Tak, „Szkoła z TVP” jest żałosna. Tylko czy to wina tych nauczycieli?

„Szkoła z TVP” to jedna z tych rzeczy, których człowiek wcale by nie chciał zobaczyć. Przecież w tych lekcjach złe jest w zasadzie wszystko. Archaiczne studio, kiepska oprawa audiowizualna, brak polotu u nauczycieli, a czasem i dość irytujące błędy merytoryczne. No nie oszukujmy się, nie jest to jakość Discovery.

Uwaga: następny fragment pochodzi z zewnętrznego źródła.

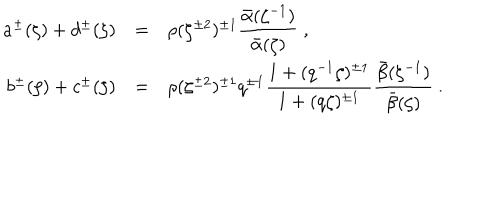
\begin{array} { r c l } { { a ^ { \pm } ( \zeta ) + d ^ { \pm } ( \zeta ) } } & { { = } } & { { \rho ( \zeta ^ { \pm 2 } ) ^ { \pm 1 } \displaystyle \frac { \bar { \alpha } ( \zeta ^ { - 1 } ) } { \bar { \alpha } ( \zeta ) } ~ , } } \\ { { b ^ { \pm } ( \zeta ) + c ^ { \pm } ( \zeta ) } } & { { = } } & { { \rho ( \zeta ^ { \pm 2 } ) ^ { \pm 1 } q ^ { \pm 1 } \displaystyle \frac { 1 + ( q ^ { - 1 } \zeta ) ^ { \pm 1 } } { 1 + ( q \zeta ) ^ { \pm 1 } } \displaystyle \frac { \bar { \beta } ( \zeta ^ { - 1 } ) } { \bar { \beta } ( \zeta ) } ~ . } } \\ \end{array}

Ale nikt przy zdrowych zmysłach aż takiego poziomu by przecież nie oczekiwał. Jeśli ktoś z Was prowadził kiedyś jakieś wystąpienie publiczne czy pracował przed kamerą, wie doskonale, z jakim stresem się to wiąże. Nie możemy się więc czepiać nauczycieli, prowadzących lekcje z TVP, że nie porywają widzów niczym Krzysztof Ibisz w telewizyjnej „Awanturze o kasę” i nie sypią żartem niczym Jeremy Clarkson. Zwyczajnie nie są tego nauczeni, nie potrafią tego robić, dotychczas wcale też nie musieli. A to, co zrobili, zrobili pewnie najlepiej, jak umieli.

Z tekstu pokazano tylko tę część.